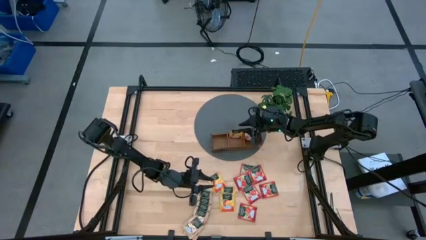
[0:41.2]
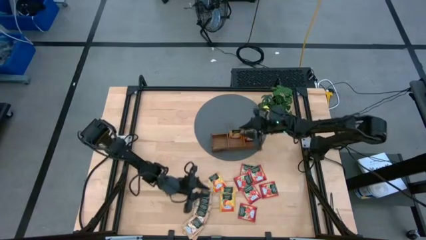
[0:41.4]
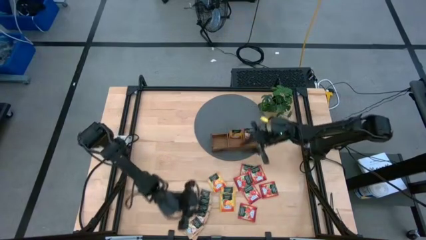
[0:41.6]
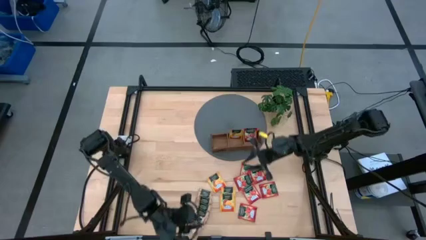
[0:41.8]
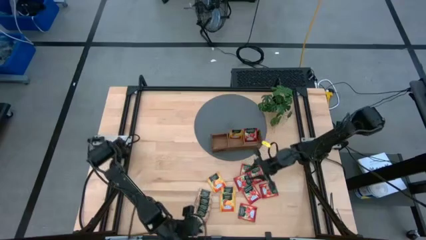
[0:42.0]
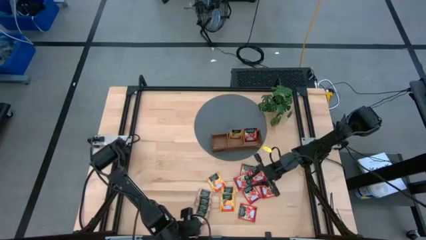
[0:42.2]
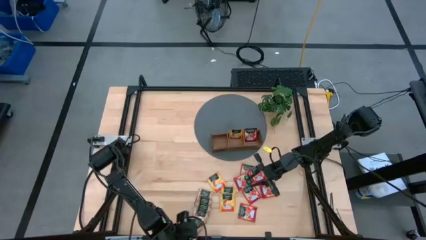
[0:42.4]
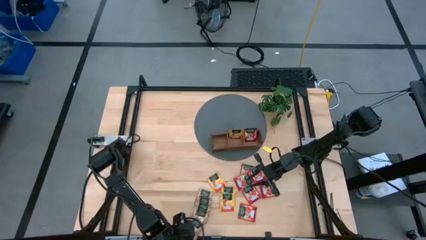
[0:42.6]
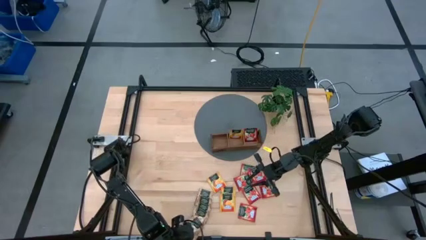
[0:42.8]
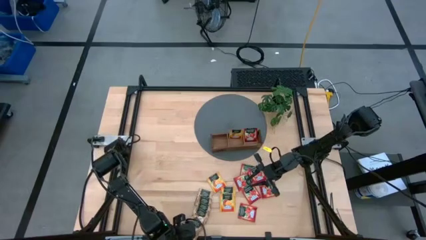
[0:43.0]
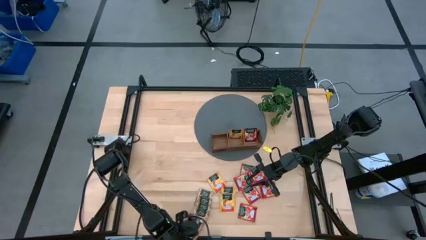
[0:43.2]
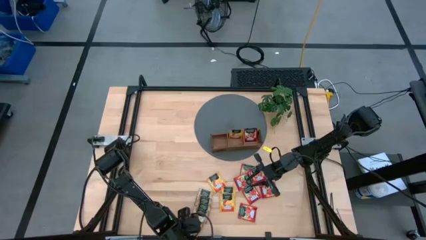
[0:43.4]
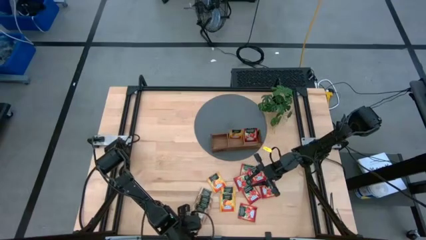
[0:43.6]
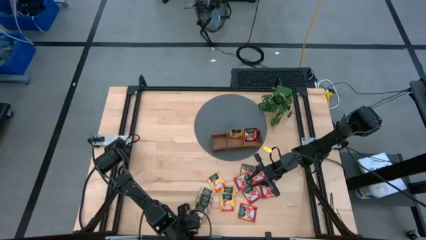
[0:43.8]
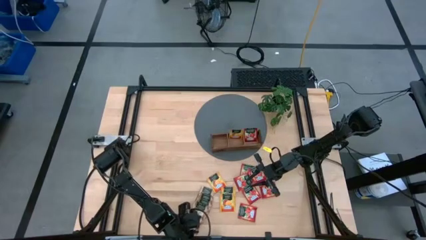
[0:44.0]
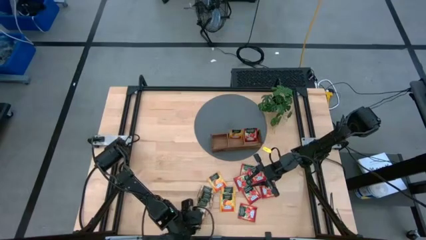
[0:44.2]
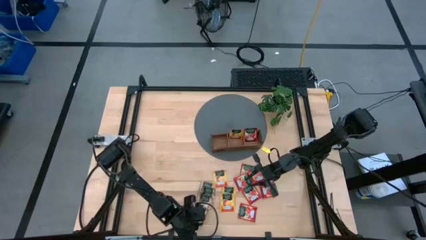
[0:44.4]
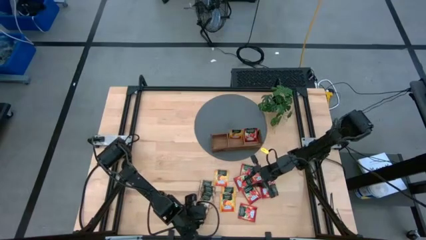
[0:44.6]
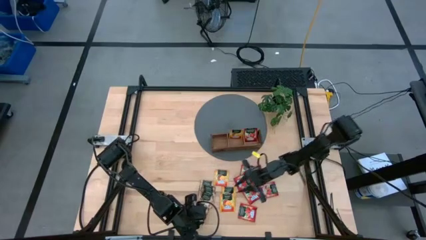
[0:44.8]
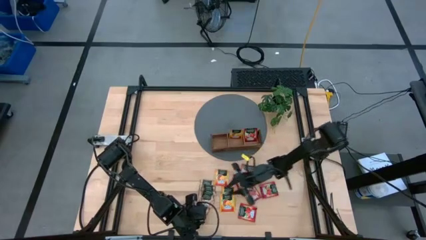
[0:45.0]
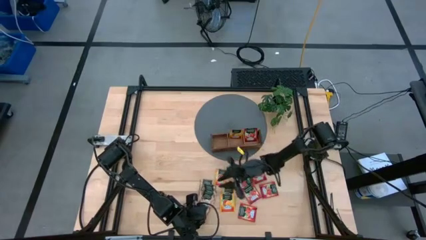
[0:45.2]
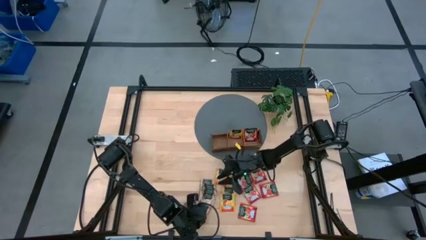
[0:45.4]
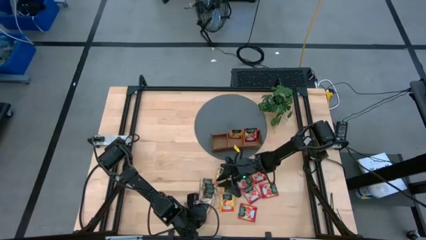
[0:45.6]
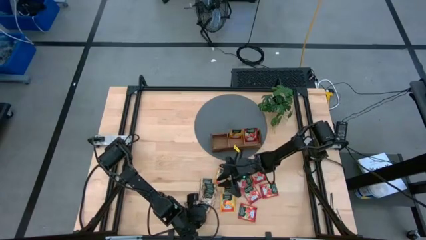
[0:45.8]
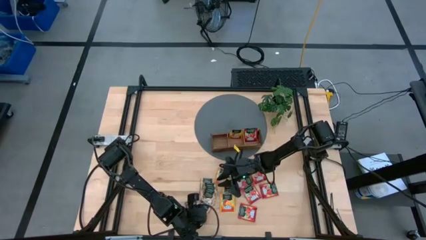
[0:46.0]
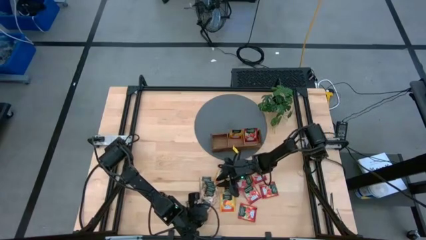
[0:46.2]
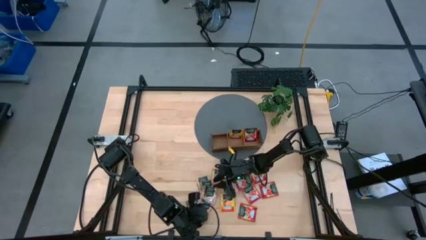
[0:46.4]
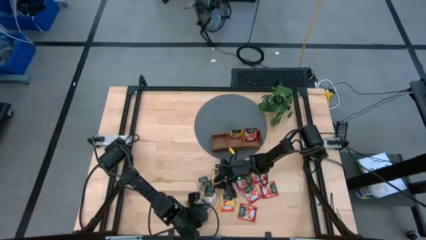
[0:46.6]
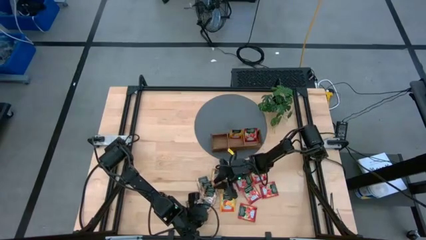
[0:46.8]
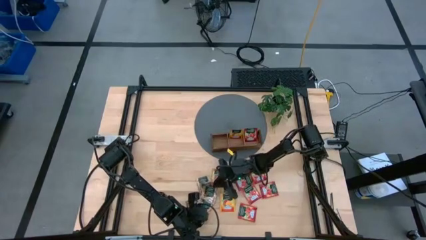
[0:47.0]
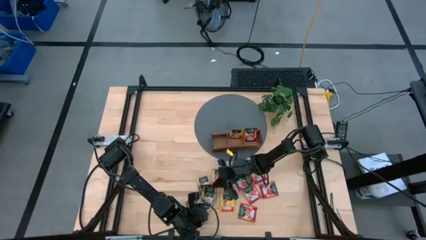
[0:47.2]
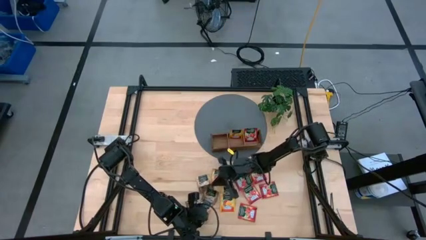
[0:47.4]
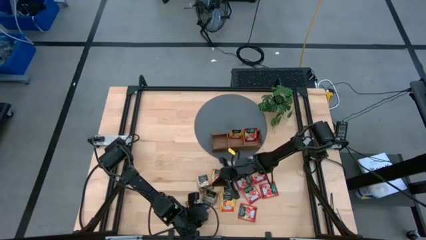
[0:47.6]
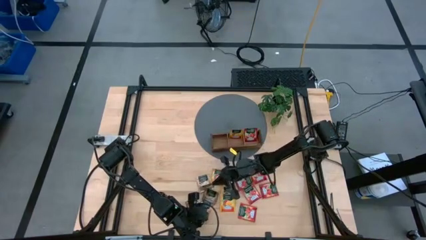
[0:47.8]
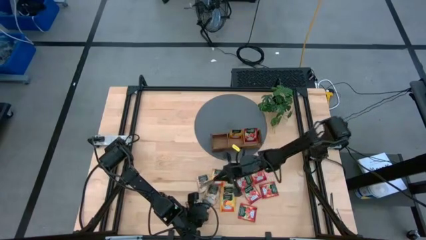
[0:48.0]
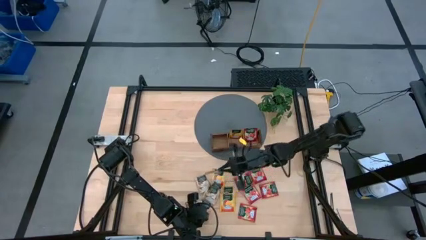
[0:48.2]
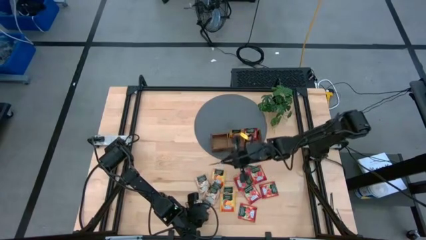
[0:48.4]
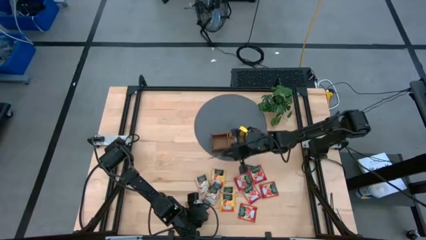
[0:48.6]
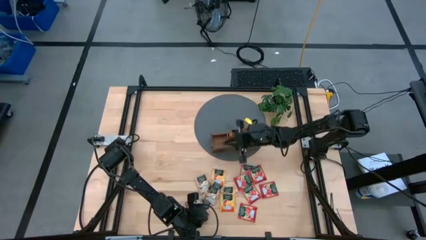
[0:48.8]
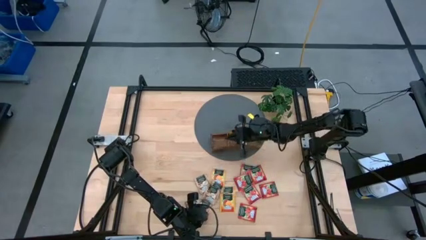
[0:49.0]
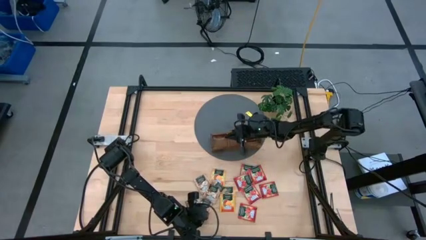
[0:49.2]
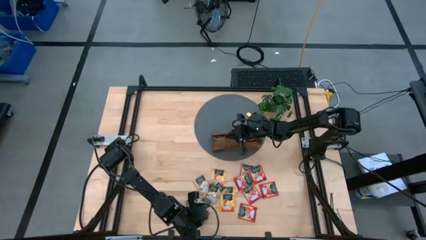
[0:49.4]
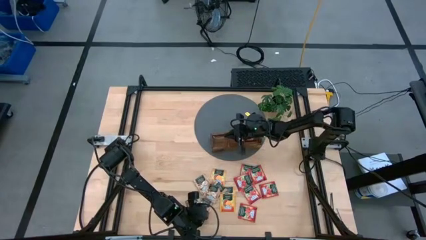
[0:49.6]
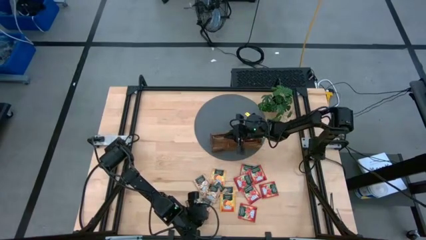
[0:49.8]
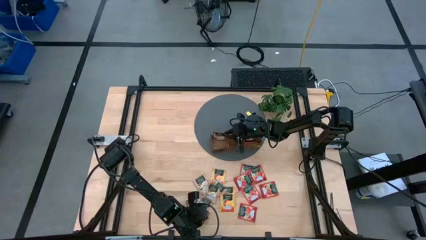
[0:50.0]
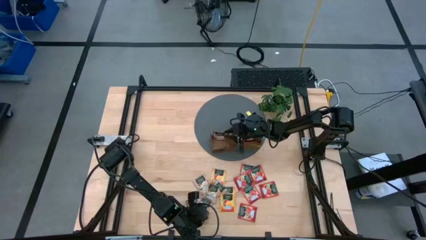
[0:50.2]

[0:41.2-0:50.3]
Task: Pick & Place Tea
Put the brown tea bag into the left section of the wooden organizer

Exercise description:
Copy the records above exactly, omitting every picture.

Output:
[0:41.2]
[0:41.4]
[0:41.6]
[0:41.8]
[0:42.0]
[0:42.2]
[0:42.4]
[0:42.6]
[0:42.8]
[0:43.0]
[0:43.2]
[0:43.4]
[0:43.6]
[0:43.8]
[0:44.0]
[0:44.2]
[0:44.4]
[0:44.6]
[0:44.8]
[0:45.0]
[0:45.2]
[0:45.4]
[0:45.6]
[0:45.8]
[0:46.0]
[0:46.2]
[0:46.4]
[0:46.6]
[0:46.8]
[0:47.0]
[0:47.2]
[0:47.4]
[0:47.6]
[0:47.8]
[0:48.0]
[0:48.2]
[0:48.4]
[0:48.6]
[0:48.8]
[0:49.0]
[0:49.2]
[0:49.4]
[0:49.6]
[0:49.8]
[0:50.0]
[0:50.2]

[0:41.2-0:50.3]
Task: Pick & Place Tea
Put the brown tea bag into the left section of the wooden organizer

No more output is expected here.